The JavaScript Rendering Gap

Modern websites built with frameworks like React, Angular, or Vue.js often render content entirely in the browser using JavaScript. When Googlebot first fetches the page, it receives an empty HTML shell. The actual content is only visible after JavaScript execution.

Google does render JavaScript, but it happens in a second pass. The initial HTML fetch extracts links and basic content. JavaScript rendering happens later, sometimes days later, in a separate queue. This delay means JavaScript-dependent content is discovered and indexed more slowly. For content that changes frequently, this delay can mean Google's version of your page is always outdated.

AI crawlers from platforms like Perplexity, OpenAI, and Anthropic generally do not execute JavaScript at all. Content that depends on client-side rendering is completely invisible to these crawlers.

Sitemaps as Crawl Insurance

An XML sitemap is a list of every URL on your site that you want Google to crawl. It does not guarantee crawling or indexing, but it ensures Google knows about every page. For sites with complex architecture, JavaScript-rendered content, or frequent updates, a sitemap is essential.

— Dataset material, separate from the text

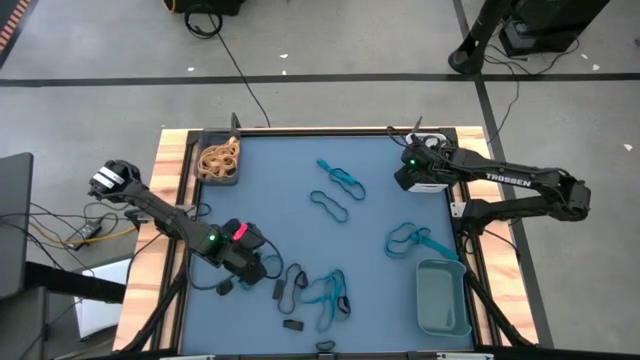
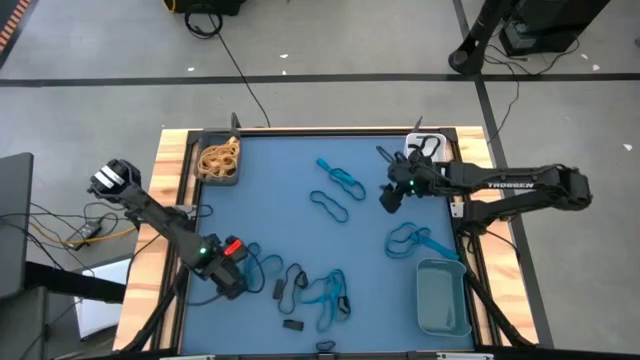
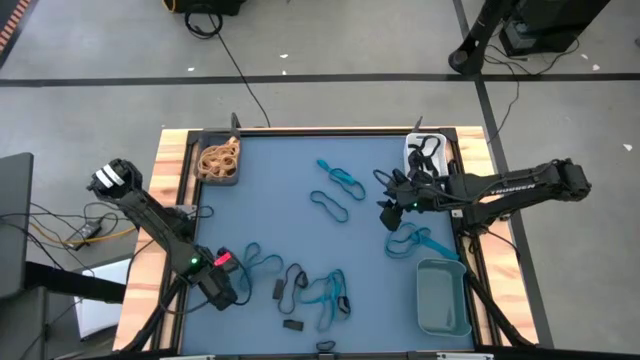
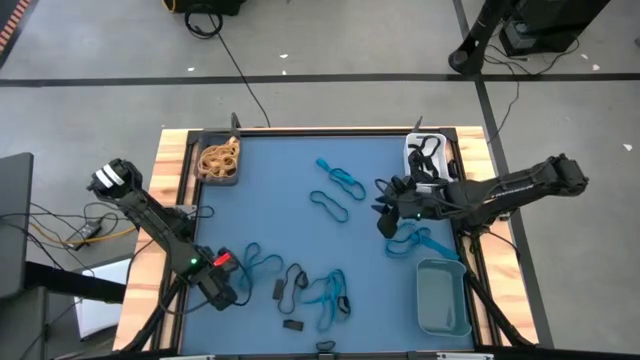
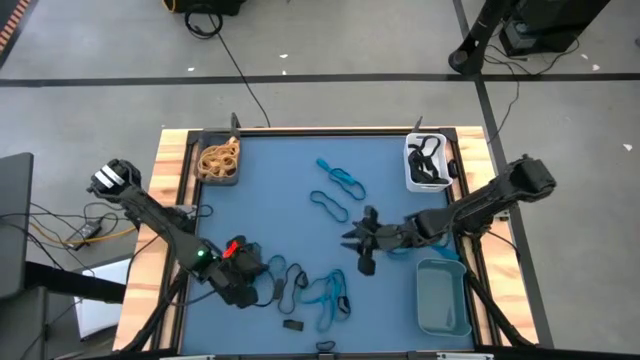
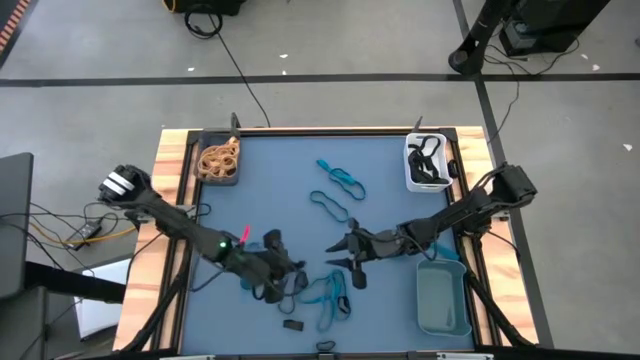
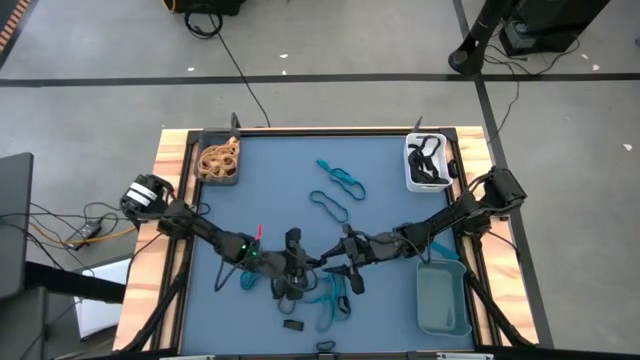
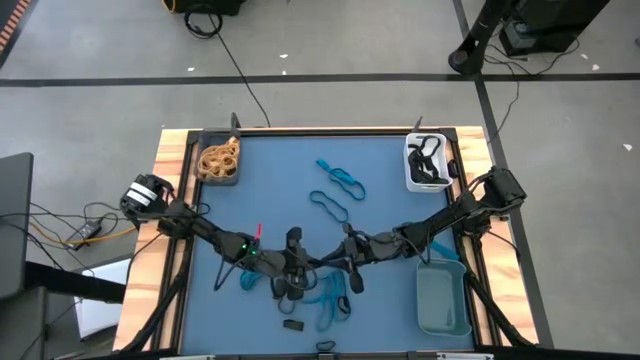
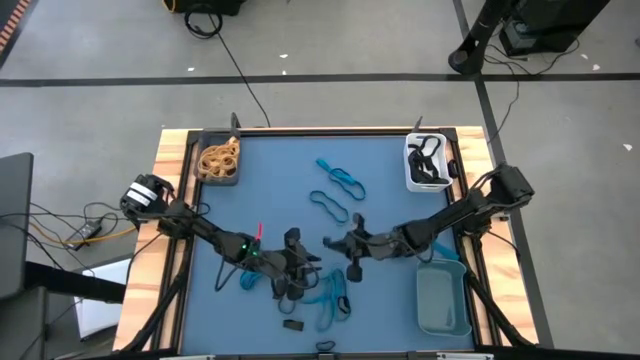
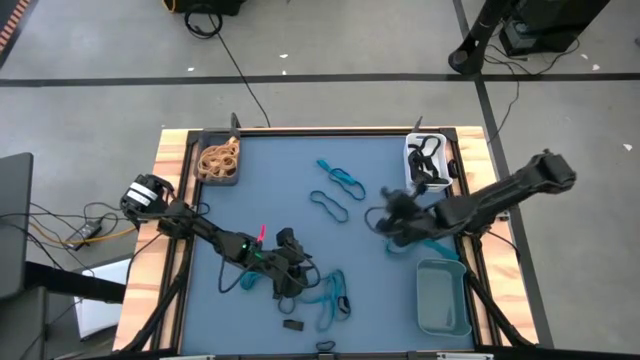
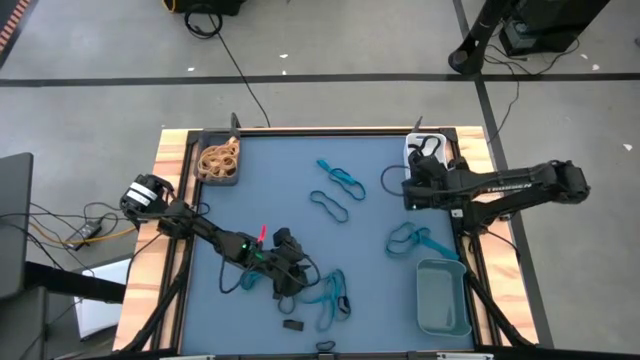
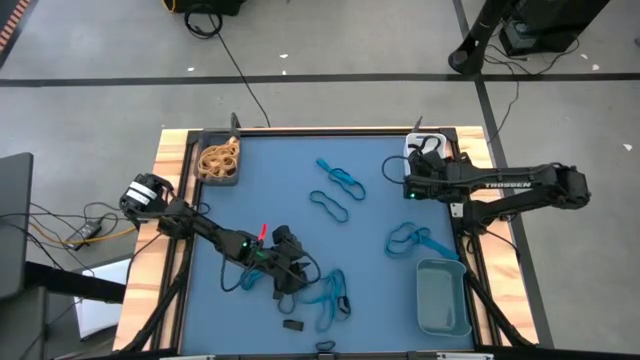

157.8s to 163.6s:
Put the black rubber band into the white bin

The sitemap should be referenced in your robots.txt file, submitted through Google Search Console, and kept up to date automatically. A stale sitemap that lists deleted pages or missing new pages is worse than no sitemap because it wastes crawl budget on dead URLs.

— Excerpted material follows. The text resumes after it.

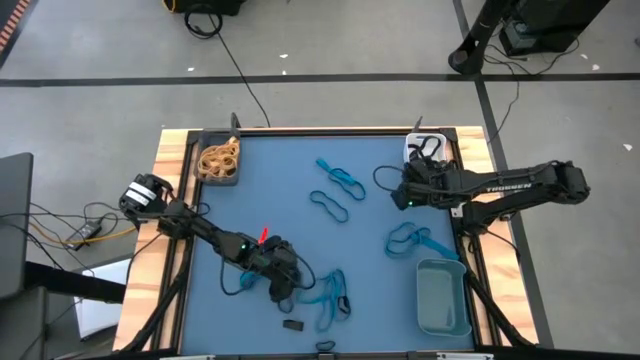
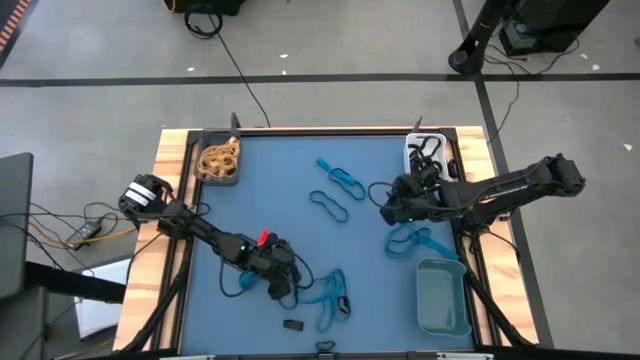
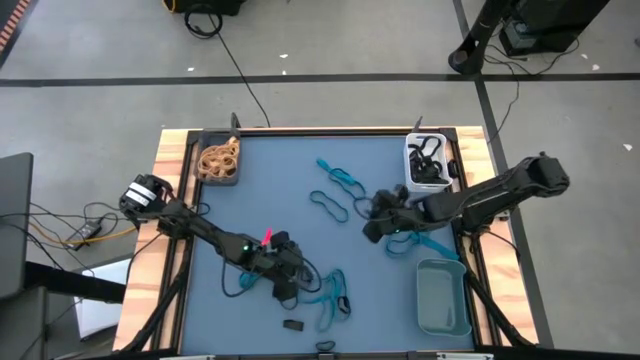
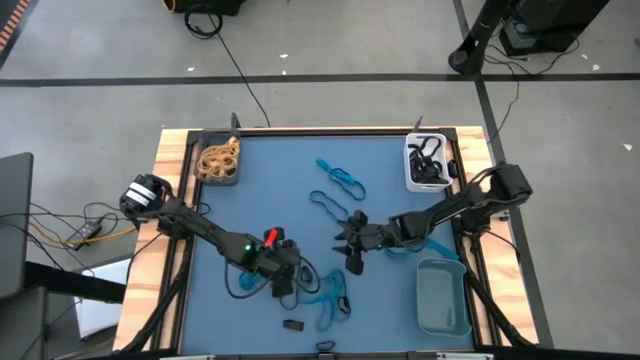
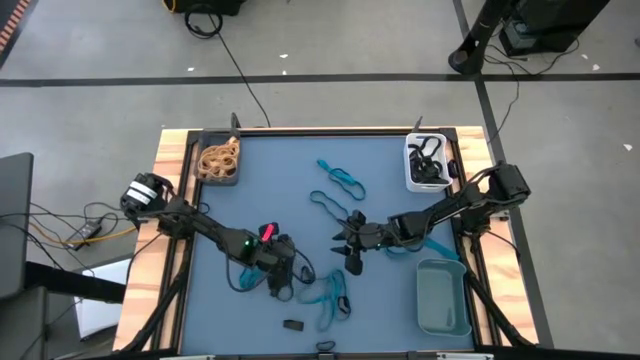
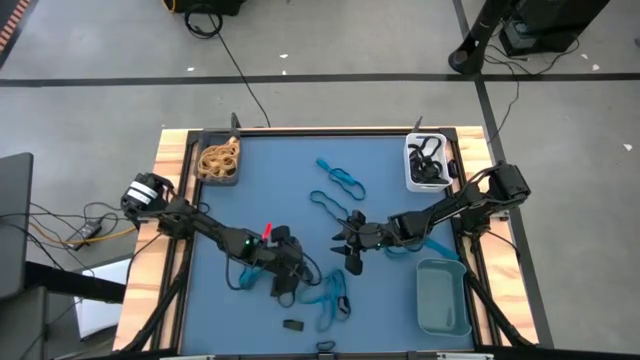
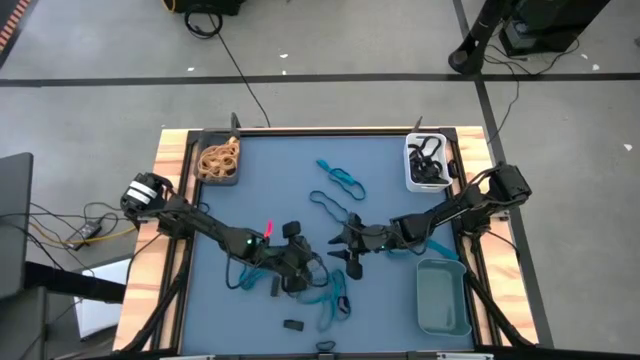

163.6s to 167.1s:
Put the black rubber band into the white bin

Diagnosing Your Crawlability

Google Search Console provides direct diagnostics. The URL Inspection tool lets you test specific pages: is the URL crawlable? Is it indexed? When was it last crawled? What did Google see when it crawled?

For a site-wide view, the Pages report shows how many URLs are indexed, how many are excluded, and the specific reason for each exclusion. Common exclusion reasons like "Crawled, currently not indexed" and "Blocked by robots.txt" point directly to crawlability problems.

Further Reading

Assignment

Run your website through Google Search Console's URL Inspection tool for five key pages: your homepage, About page, Contact page, one service page, and one blog post. For each page, document:

  1. Is it indexed?
  2. Is it crawlable (no robots.txt blocks)?
  3. When was it last crawled?
  4. Does the rendered HTML contain all your visible content, or is content missing?

Any "not indexed" results are invisible pages. Any pages last crawled more than 30 days ago have a freshness problem.